Posts Tagged ‘cholesterol’

Cholesterol, Cafestol, Coffee, Cancer and Glutathione

Tuesday, October 20th, 2009

What do cholesterol, cafestol, coffee, cancer and glutathione all have in common.

They are an example of how a little knowledge can get you in trouble. Yes, there are some health benefits from coffee.

If you heard about a study from the Netherlands (and others) that when the hot water hits the ground coffee beans, a chemical called cafestol is released. Here is the good and bad news.

One cup of coffee can contain 4 mg of cafestol which could make the cholesterol rise by as much as one percent. The simple solution is to use a paper filter. Paper totally blocks the cafestol. Thus no raise in cholesterol.

However, another study found that cafestol and kahweol, both found in unfiltered coffee, act as antioxidants and may have a cancer protective effect.

To Be Coffee or Not to Be Coffee, Filtered That Is?

In my travels, it seems that paper filters are mostly used in the US. Most of the world does not seem to use paper filters. (If you know of data on this, please let me know).

Drinking coffee (most likely unfiltered) has been associated with reducing the risk of liver injury and cirrhosis. This is a major pathogenic step on the road to liver related cancers. Increased coffee consumption around the world is associated with a reduced number of cirrhosis although it has not been proven to be the reason for this.

One thing we do know, cafestol kicks the glutathione system into high gear.

Before you do or do not filter your coffee, think about this.

If you carried the negative aspects of this to its logical conclusion, if you drank a cup of unfiltered coffee daily and every day it raised your cholesterol by one percent where would you be in a month. Two months. What about six months.

So although it raises the cholesterol level, those levels must also go down. So if your otherwise eating a healthy diet, this should not cause any harm. If your trying to reduce your cholesterol, only drink coffee made with paper filters.

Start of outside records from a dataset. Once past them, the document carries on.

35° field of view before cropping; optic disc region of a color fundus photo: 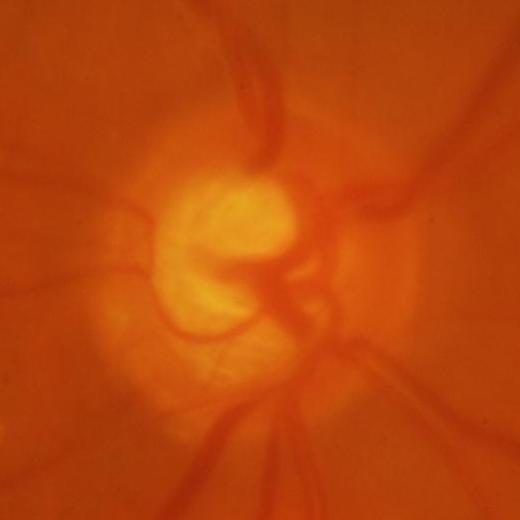

Impression = glaucomatous changes.
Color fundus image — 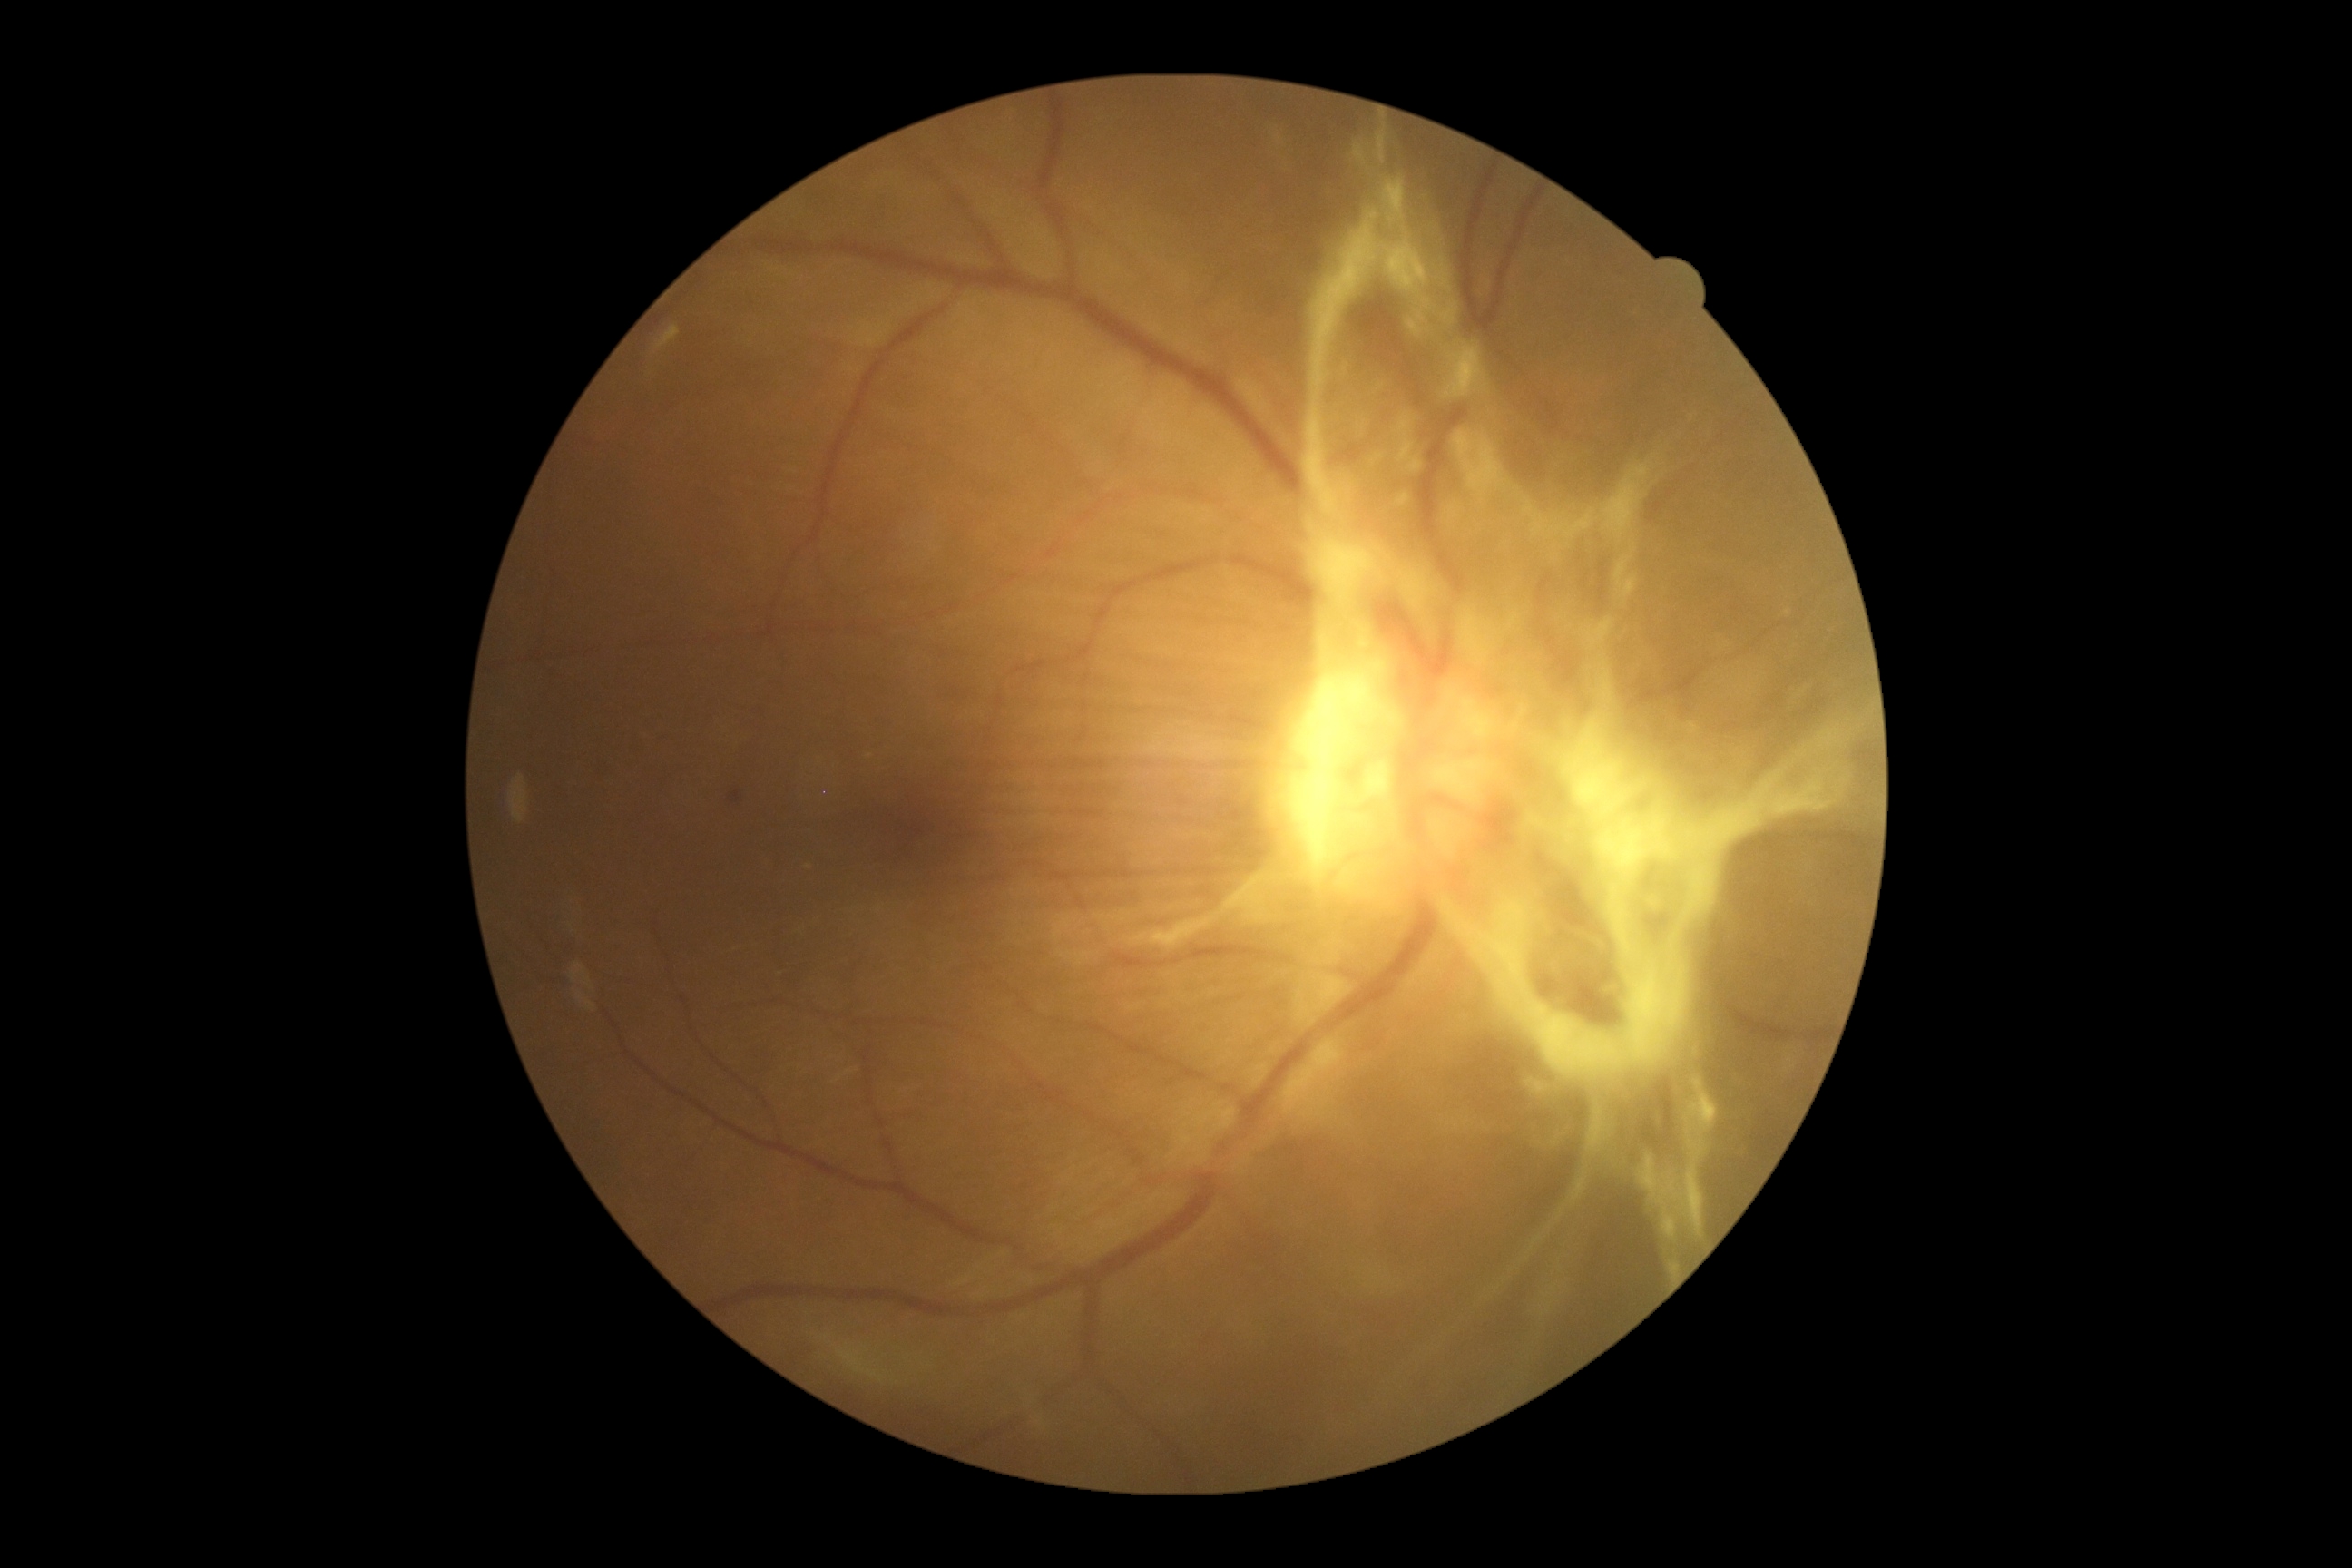

DR: proliferative diabetic retinopathy (grade 4).

Expresso Health Benefits vs Risks

Like wise, if you drink five cups of expresso a day (which is not filtered), the overdosing of the various otherwise protective chemicals could possibly predispose you to increased risk of some diseases like Parkinson’s. The Parkinson’s connection was discovered in an 18 year study. There needs to be more testing on it to confirm the findings but this should be enough to, at the very least, be cautious as to how much coffee you give to your pet lab rats or your husband (depending on how you feel about them tomorrow morning).

The bottom line, all things in moderation.

TIP For Paper Filter Users: I found that by using two paper filters and two scoops (like come with the coffee) per the 8 cup marking of water, the coffee will end up tasting a bit stronger with out having to put more coffee in the hopper.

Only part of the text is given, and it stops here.